The other answer has covered the derivation of the standard error, I just want to help you with notation:
Your confusion is due to the fact that in Statistics we use exactly the same symbol to denote the Estimator (which is a function), and a specific estimate (which is the value that the estimator takes when receives as input a specific realized sample).
So $\hat \alpha = h(\mathbf X)$ and $\hat \alpha(\mathbf X = \mathbf x) = 4.6931$ for $\mathbf x = \{14,\,21,\,6,\,32,\,2\}$.
So $\hat \alpha(X)$ is a function of random variables and so a random variable itself, that certainly has a variance.
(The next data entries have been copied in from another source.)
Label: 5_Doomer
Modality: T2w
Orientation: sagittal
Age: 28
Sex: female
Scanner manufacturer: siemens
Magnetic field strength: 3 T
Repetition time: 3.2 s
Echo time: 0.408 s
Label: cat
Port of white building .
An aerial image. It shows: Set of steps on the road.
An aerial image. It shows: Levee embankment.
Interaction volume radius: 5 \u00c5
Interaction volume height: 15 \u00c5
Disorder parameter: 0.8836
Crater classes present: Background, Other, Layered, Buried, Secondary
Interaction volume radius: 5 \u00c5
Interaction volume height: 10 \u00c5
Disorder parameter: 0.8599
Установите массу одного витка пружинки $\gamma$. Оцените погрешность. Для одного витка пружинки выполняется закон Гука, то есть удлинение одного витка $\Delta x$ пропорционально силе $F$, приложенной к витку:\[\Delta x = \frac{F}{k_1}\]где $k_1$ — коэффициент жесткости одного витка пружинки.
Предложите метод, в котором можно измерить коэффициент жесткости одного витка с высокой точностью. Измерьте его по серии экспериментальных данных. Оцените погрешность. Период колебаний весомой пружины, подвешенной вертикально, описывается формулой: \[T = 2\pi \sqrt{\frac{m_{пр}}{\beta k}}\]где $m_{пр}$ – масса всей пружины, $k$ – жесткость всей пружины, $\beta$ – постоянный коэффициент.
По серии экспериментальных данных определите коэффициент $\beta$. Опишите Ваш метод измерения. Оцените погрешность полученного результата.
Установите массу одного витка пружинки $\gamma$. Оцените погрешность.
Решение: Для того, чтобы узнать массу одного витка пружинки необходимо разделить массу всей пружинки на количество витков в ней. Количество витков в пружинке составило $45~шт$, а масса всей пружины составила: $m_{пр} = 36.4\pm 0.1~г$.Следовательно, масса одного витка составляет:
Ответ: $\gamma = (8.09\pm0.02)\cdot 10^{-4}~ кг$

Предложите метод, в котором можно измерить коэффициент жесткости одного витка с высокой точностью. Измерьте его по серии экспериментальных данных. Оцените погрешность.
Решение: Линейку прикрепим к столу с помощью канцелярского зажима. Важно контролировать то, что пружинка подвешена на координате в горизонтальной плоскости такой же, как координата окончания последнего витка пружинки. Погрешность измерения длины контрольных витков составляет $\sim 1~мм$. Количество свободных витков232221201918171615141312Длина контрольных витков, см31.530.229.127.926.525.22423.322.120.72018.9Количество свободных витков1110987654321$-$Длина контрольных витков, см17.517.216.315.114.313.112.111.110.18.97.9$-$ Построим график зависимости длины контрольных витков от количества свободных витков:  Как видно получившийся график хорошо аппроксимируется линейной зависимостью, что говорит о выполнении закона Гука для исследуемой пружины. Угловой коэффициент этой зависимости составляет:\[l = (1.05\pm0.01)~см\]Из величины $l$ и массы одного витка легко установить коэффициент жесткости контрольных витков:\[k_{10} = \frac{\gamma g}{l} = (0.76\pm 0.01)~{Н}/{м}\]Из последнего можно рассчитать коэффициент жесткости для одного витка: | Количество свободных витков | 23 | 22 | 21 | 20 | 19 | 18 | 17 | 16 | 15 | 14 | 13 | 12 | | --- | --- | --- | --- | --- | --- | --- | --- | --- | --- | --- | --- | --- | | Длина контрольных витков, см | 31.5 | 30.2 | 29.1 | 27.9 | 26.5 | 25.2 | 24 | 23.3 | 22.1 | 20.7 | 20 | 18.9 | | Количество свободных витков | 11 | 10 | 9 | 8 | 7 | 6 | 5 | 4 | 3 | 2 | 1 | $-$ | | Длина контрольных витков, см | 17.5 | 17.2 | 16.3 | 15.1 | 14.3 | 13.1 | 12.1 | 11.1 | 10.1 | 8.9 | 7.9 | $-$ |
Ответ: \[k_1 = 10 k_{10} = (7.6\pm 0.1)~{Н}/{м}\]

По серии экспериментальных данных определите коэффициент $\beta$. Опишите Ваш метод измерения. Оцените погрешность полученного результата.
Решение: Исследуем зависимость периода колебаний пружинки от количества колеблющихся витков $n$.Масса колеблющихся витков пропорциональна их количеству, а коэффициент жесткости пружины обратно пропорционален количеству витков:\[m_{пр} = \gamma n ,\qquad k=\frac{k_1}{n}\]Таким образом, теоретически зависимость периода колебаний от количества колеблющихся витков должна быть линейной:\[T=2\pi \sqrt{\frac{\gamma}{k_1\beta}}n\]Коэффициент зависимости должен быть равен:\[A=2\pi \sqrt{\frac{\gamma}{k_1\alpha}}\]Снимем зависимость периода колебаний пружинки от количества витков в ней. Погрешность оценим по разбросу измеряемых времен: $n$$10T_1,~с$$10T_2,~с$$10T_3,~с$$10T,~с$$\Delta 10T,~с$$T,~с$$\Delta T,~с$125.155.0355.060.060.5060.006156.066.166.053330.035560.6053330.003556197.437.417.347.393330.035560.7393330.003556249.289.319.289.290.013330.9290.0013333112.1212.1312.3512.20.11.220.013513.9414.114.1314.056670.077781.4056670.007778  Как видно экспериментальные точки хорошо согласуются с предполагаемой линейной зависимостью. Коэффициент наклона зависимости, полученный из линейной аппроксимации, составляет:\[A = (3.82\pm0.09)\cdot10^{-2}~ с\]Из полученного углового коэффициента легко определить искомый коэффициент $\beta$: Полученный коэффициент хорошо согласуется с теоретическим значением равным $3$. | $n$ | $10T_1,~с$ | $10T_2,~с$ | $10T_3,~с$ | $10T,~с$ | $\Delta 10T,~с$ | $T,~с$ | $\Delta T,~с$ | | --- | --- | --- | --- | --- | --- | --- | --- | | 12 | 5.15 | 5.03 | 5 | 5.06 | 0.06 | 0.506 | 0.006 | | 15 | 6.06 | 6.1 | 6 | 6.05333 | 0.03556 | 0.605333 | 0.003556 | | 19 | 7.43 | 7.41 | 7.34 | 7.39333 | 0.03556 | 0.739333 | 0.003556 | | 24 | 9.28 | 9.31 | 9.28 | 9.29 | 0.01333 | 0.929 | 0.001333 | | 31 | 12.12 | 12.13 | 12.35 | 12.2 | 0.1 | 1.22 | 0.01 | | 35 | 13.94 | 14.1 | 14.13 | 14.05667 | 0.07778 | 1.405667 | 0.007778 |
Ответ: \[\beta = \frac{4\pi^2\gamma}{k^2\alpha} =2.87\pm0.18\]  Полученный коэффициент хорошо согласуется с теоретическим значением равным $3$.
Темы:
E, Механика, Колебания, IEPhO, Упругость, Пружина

In ML estimation, in many cases what we can compute is the asymptotic standard error, because the finite-sample distribution of the estimator is not known (cannot be derived).
Strictly speaking, $\hat \alpha$ does not have an asymptotic distribution, since it converges to a real number (the true number in almost all cases of ML estimation). But the quantity $\sqrt n (\hat \alpha - \alpha)$ converges to a normal random variable (by application of the Central Limit Theorem).
A second point of notational confusion: most, if not all texts, will write $\text {Avar}(\hat \alpha)$ ("Avar" = asymptotic variance") while what they mean is $\text {Avar}(\sqrt n (\hat \alpha - \alpha))$, i.e. they refer to the asymptotic variance of the quantity $\sqrt n (\hat \alpha - \alpha)$, not of $\hat \alpha$... For the case of a basic Pareto distribution we have
$$\text {Avar}[\sqrt n (\hat \alpha - \alpha)] = \alpha^2$$
and so $$\text {Avar}(\hat \alpha ) = \alpha^2/n$$
(but what you will find written is $\text {Avar}(\hat \alpha ) = \alpha^2$)
Now, in what sense the Estimator $\hat \alpha$ has an "asymptotic variance", since as said, asymptotically it converges to a constant? Well, in an approximate sense and for large but finite samples. I.e. somewhere in-between a "small" sample, where the Estimator is a random variable with (usually) unknown distribution, and an "infinite" sample, where the estimator is a constant, there is this "large but finite sample territory" where the Estimator has not yet become a constant and where its distribution and variance is derived in a roundabout way, by first using the Central Limit Theorem to derive the properly asymptotic distribution of the quantity $Z = \sqrt n (\hat \alpha - \alpha)$ (which is normal due to the CLT), and then turning things around and writing $\hat \alpha = \frac 1{\sqrt n} Z + \alpha$ (while taking one step back and treating $n$ as finite) which shows $\hat \alpha$ as an affine function of the normal random variable $Z$, and so normally distributed itself (always approximately).